NLB works with static IP addresses and it is an alternative for clients unable to operate based on DNS. However, we recommend using DNS for NLB when you can. This is because, in scenarios where targets in an availability zone are failing the Health Checks and cross-zone load balancing is turned off, the load balancer's DNS record is updated to exclude the IP addresses of the affected zone. As a result, adhering to DNS results can enhance the reliability and availability of connections to NLBs. This approach helps ensure that traffic is directed to healthy and operational zones, maintaining efficient load balancing.

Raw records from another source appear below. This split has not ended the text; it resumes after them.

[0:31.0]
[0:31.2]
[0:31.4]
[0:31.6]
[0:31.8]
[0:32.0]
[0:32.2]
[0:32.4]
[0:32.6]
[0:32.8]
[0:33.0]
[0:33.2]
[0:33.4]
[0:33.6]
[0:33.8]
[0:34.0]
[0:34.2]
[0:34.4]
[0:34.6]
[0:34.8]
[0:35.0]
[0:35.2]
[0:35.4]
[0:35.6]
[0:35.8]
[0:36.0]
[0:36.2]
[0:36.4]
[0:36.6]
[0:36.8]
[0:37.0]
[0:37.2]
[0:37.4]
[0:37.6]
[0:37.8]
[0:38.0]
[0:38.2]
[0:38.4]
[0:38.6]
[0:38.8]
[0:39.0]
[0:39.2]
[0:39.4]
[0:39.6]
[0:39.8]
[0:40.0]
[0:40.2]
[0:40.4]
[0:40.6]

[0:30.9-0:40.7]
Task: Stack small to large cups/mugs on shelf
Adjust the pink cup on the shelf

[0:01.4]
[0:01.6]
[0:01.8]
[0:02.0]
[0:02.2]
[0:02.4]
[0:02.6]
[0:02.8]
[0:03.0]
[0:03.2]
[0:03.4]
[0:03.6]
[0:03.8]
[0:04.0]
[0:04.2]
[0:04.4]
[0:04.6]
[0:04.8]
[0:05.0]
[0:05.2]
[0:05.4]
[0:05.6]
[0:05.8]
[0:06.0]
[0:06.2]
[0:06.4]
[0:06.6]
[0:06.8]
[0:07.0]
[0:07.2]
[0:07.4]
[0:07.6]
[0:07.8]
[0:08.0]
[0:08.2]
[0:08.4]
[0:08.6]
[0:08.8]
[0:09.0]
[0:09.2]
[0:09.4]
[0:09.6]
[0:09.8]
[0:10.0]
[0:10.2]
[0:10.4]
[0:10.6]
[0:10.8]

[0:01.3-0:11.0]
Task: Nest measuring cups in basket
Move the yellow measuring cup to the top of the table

Use Amazon Route 53 Application Recovery Controller for zonal shift

If you are experiencing issues in your AWS environment that are isolated to a single Availability Zone (AZ), it's often advisable to shift traffic away from that AZ. In an ideal setup, effective health checks would identify the system's unavailability in that AZ, triggering an automated failover in DNS. This process would result in the removal of the load balancer nodes in the impacted AZ from the DNS response. However, particularly in cases of intermittent or gray failures, you may want to proactively ensure that an AZ is evacuated until specific readiness checks are passing. Amazon Route 53 Application Recovery Controller integrates with both Application and Network Load Balancers for zonal shift operations when necessary. This blog post covers in details how to build resilient applications using this feature.

Best Practice

[ALB, NLB] Use Amazon Route 53 Application Recovery Controller for zonal shift.